### Task objective:
When you write out the listing, keep every character and omit the pictures.

━━━━━━━━━━━━━━━━

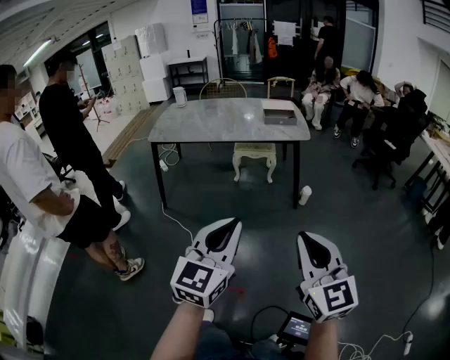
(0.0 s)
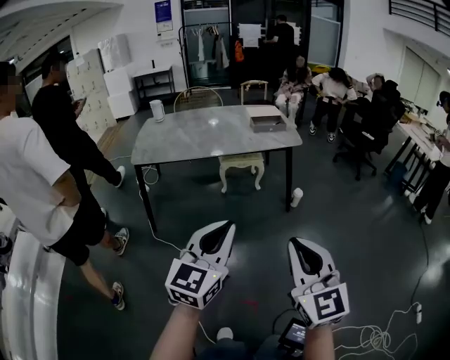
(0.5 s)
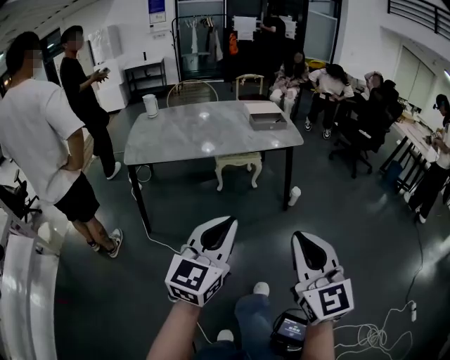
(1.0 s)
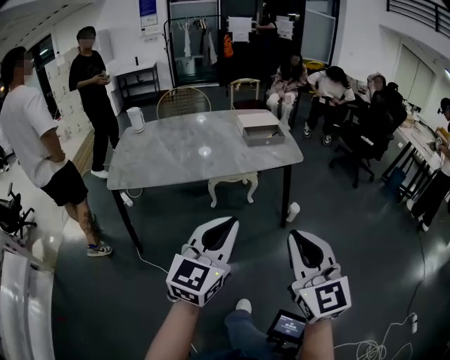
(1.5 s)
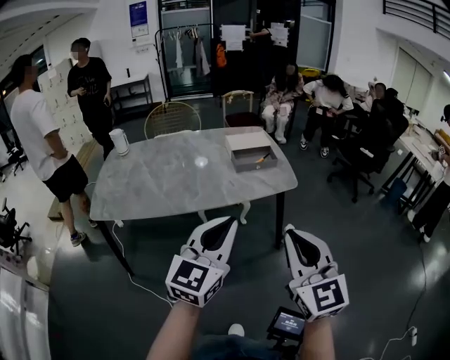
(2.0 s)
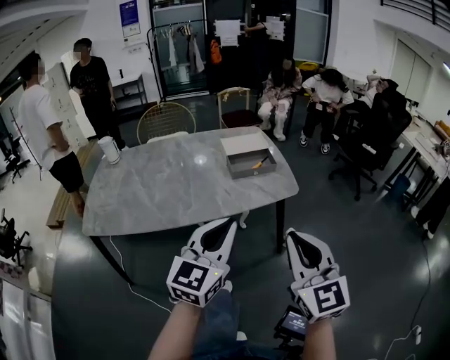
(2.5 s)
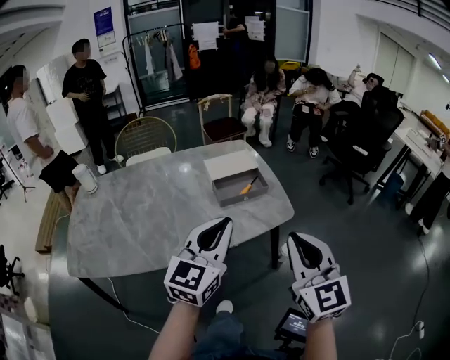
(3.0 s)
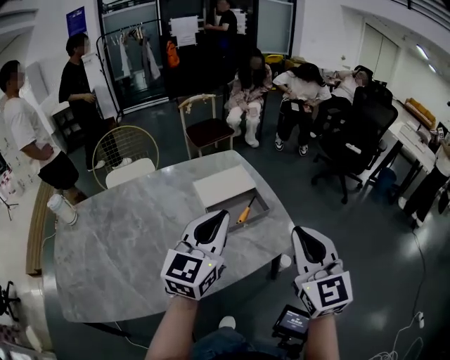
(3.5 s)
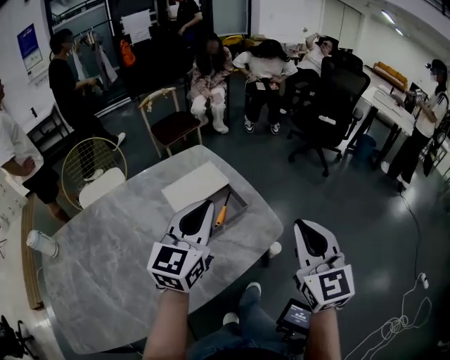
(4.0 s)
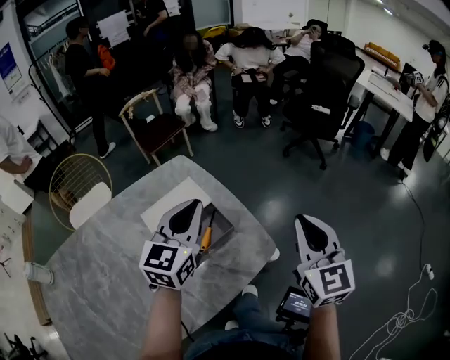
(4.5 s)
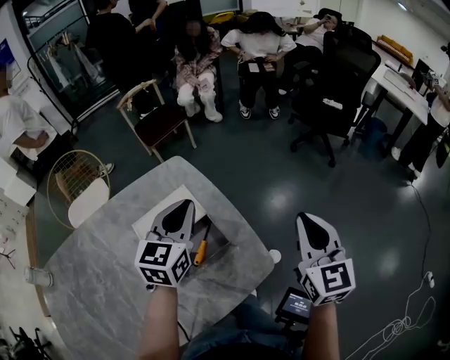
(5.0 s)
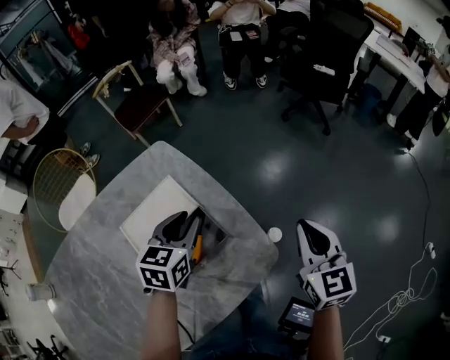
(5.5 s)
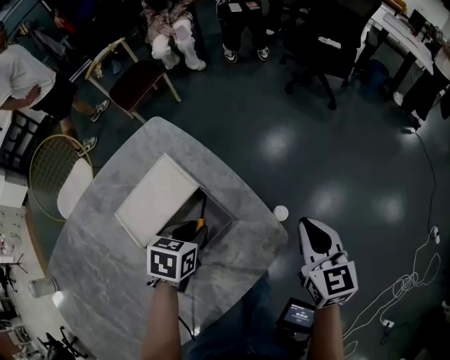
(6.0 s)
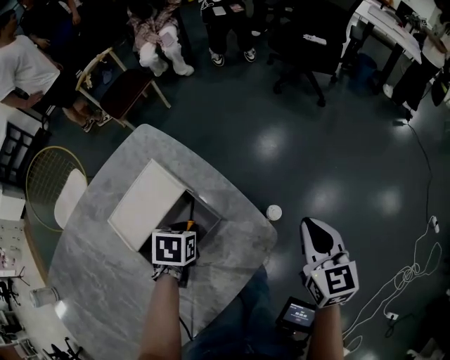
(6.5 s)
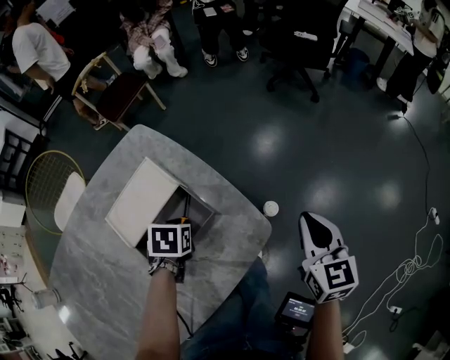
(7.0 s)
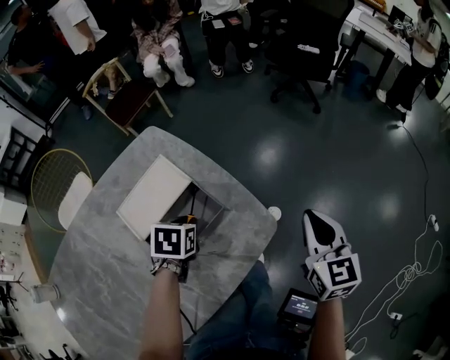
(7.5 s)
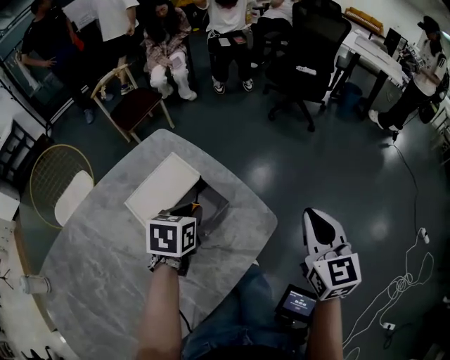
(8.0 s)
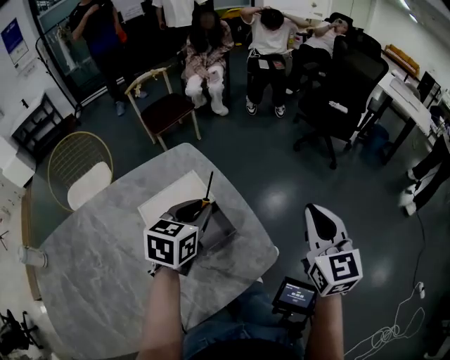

━━━━━━━━━━━━━━━━

### Response to this task:
(0.0 s)
(0.5 s)
(1.0 s)
(1.5 s)
(2.0 s)
(2.5 s)
(3.0 s)
(3.5 s)
(4.0 s)
(4.5 s)
(5.0 s)
(5.5 s)
(6.0 s)
(6.5 s)
(7.0 s)
(7.5 s)
(8.0 s)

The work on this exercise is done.